**Input material**

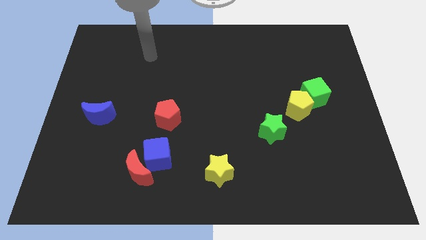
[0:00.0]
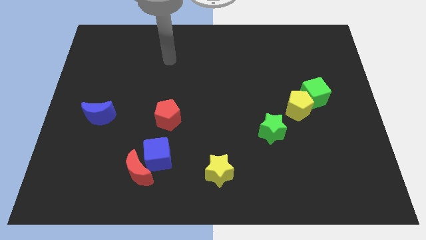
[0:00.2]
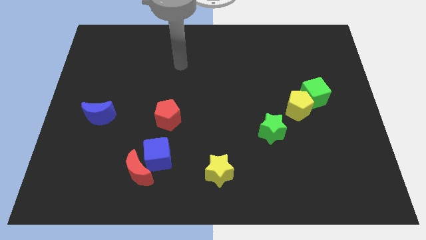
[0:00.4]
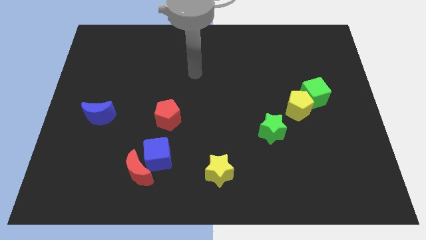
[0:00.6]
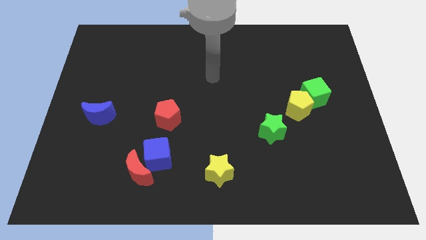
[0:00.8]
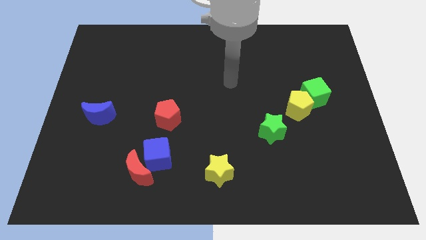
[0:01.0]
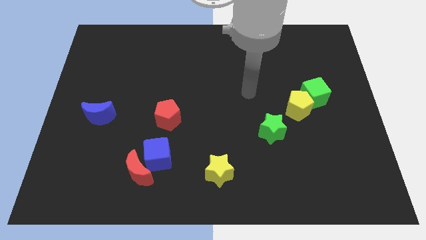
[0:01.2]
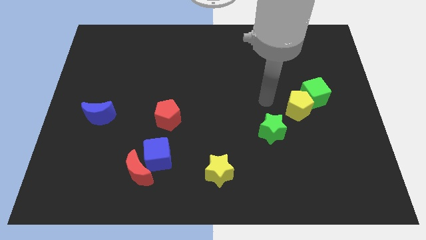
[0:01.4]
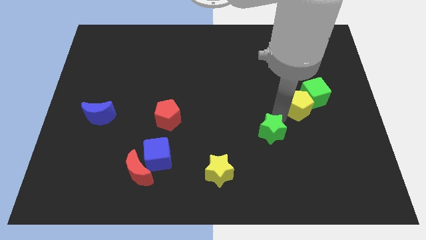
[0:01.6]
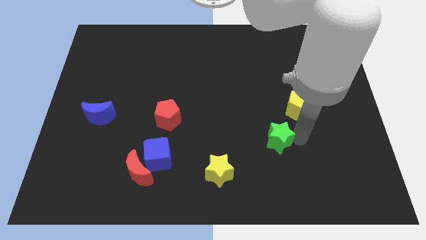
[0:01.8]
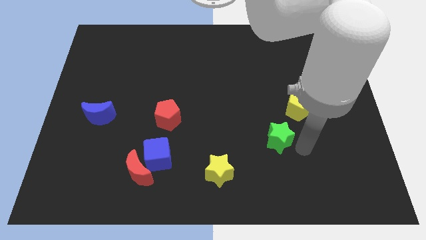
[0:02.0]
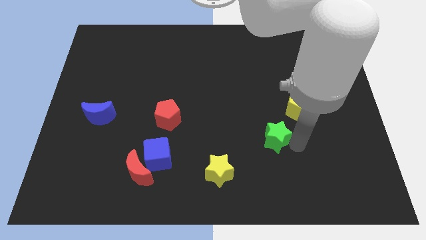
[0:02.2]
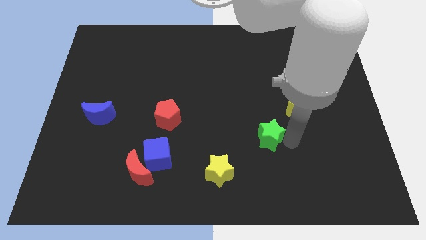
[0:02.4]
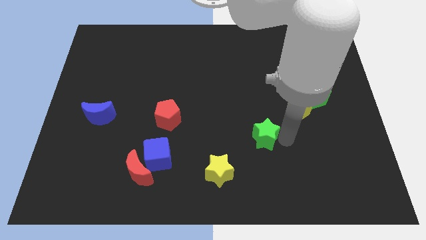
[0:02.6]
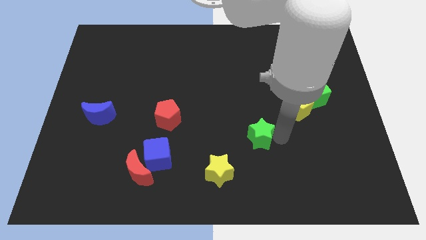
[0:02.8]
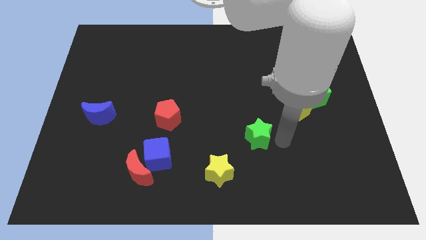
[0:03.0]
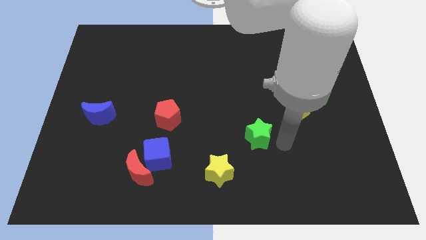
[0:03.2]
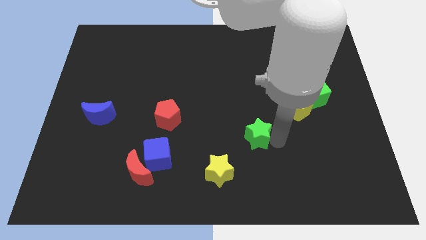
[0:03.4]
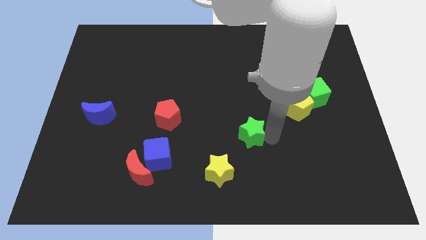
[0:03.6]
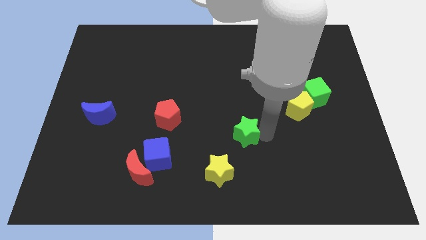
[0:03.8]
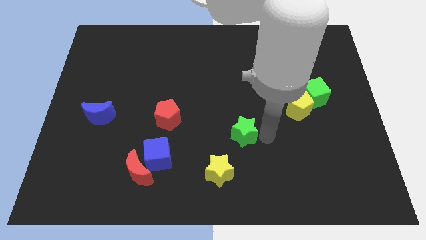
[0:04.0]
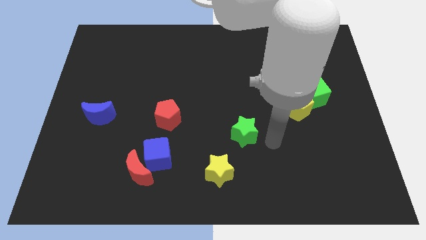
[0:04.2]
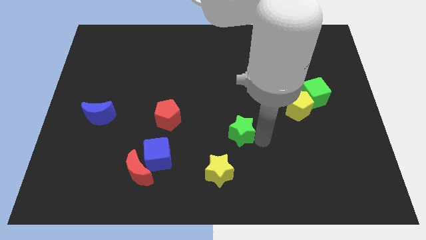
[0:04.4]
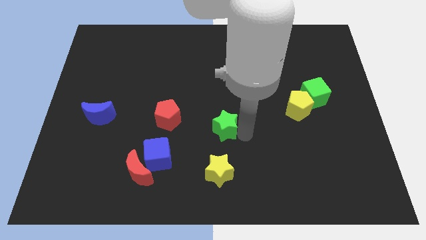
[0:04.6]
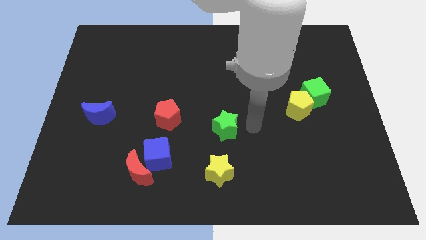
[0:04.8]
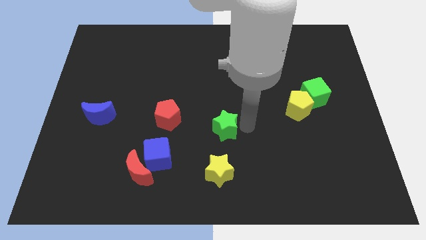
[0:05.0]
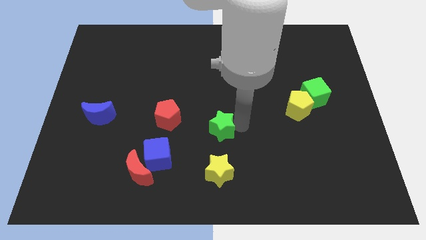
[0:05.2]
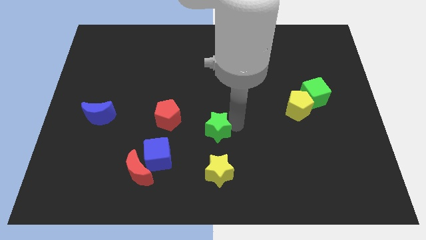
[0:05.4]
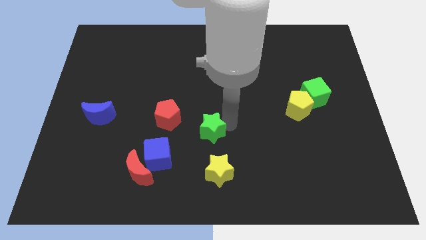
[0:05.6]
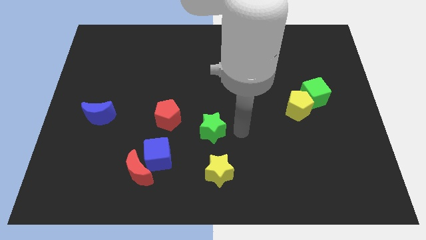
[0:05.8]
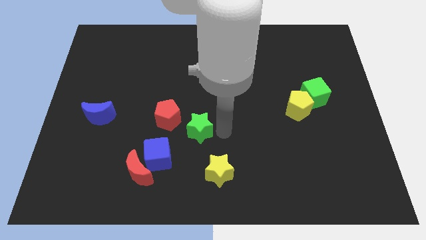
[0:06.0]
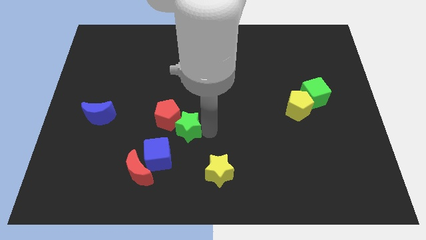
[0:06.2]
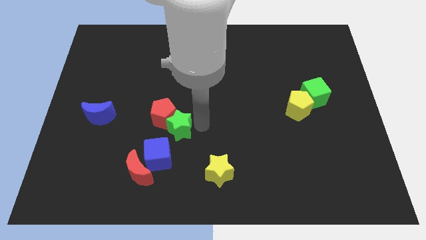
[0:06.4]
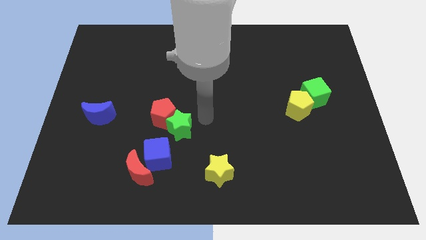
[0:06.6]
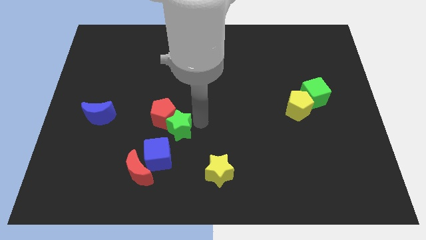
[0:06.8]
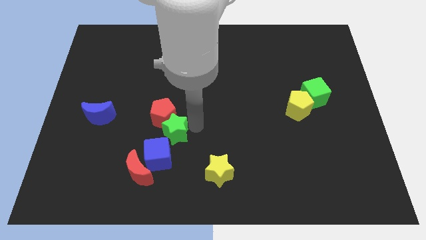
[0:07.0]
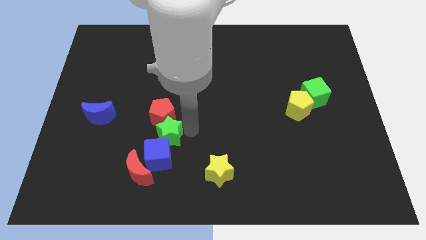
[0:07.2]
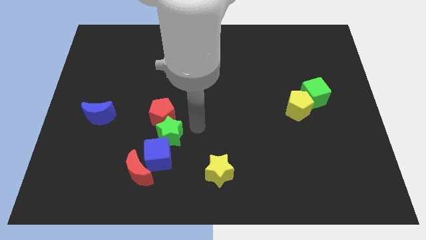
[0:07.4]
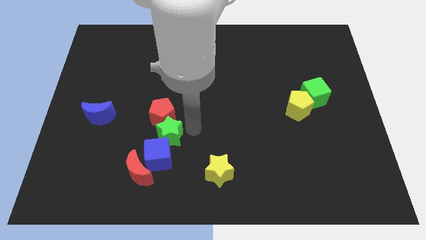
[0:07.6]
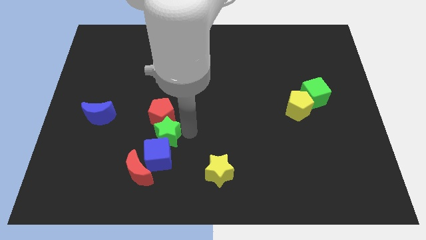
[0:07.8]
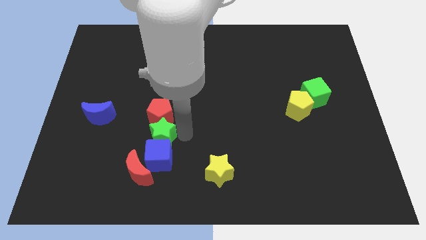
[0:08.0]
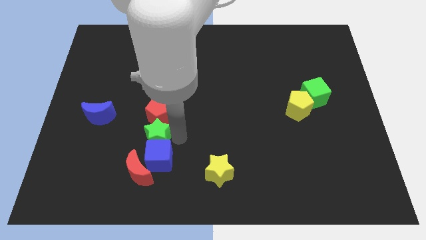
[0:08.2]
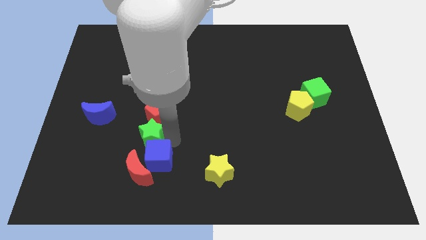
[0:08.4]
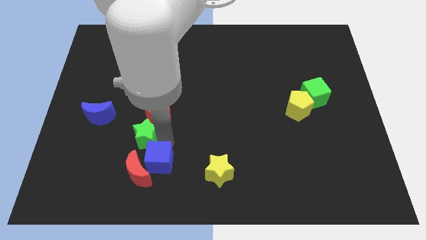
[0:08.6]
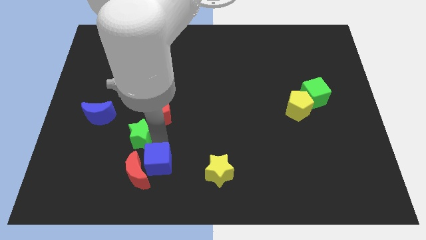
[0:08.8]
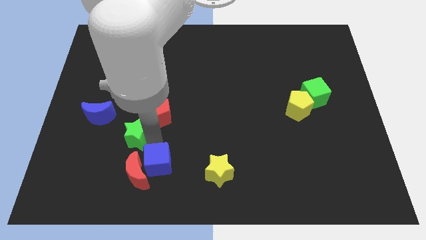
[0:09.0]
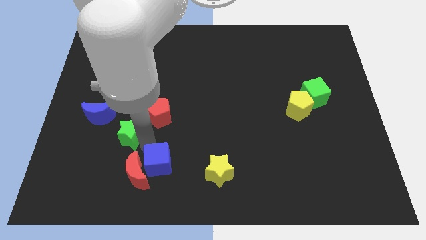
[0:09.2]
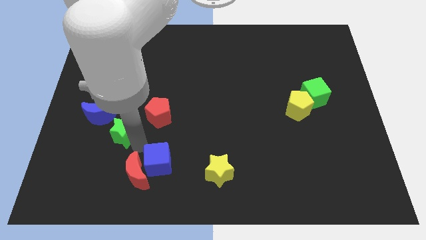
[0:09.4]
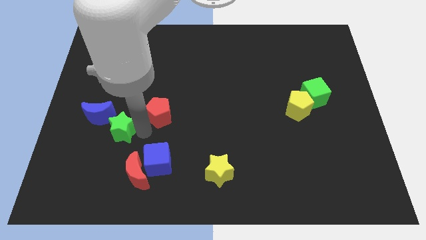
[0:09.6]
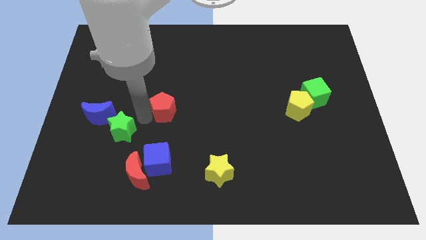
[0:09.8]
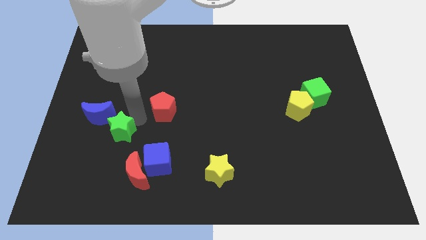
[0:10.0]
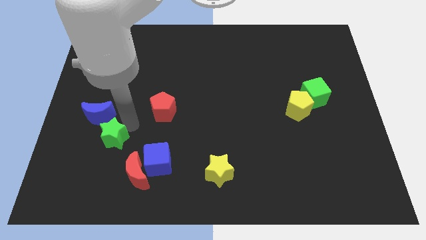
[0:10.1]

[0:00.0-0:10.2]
move the green star below the blue moon

**Work item**
Everything in the listing except the pictures must be reproduced exactly.

**Task answer**
[0:00.0]
[0:00.2]
[0:00.4]
[0:00.6]
[0:00.8]
[0:01.0]
[0:01.2]
[0:01.4]
[0:01.6]
[0:01.8]
[0:02.0]
[0:02.2]
[0:02.4]
[0:02.6]
[0:02.8]
[0:03.0]
[0:03.2]
[0:03.4]
[0:03.6]
[0:03.8]
[0:04.0]
[0:04.2]
[0:04.4]
[0:04.6]
[0:04.8]
[0:05.0]
[0:05.2]
[0:05.4]
[0:05.6]
[0:05.8]
[0:06.0]
[0:06.2]
[0:06.4]
[0:06.6]
[0:06.8]
[0:07.0]
[0:07.2]
[0:07.4]
[0:07.6]
[0:07.8]
[0:08.0]
[0:08.2]
[0:08.4]
[0:08.6]
[0:08.8]
[0:09.0]
[0:09.2]
[0:09.4]
[0:09.6]
[0:09.8]
[0:10.0]
[0:10.1]

[0:00.0-0:10.2]
move the green star below the blue moon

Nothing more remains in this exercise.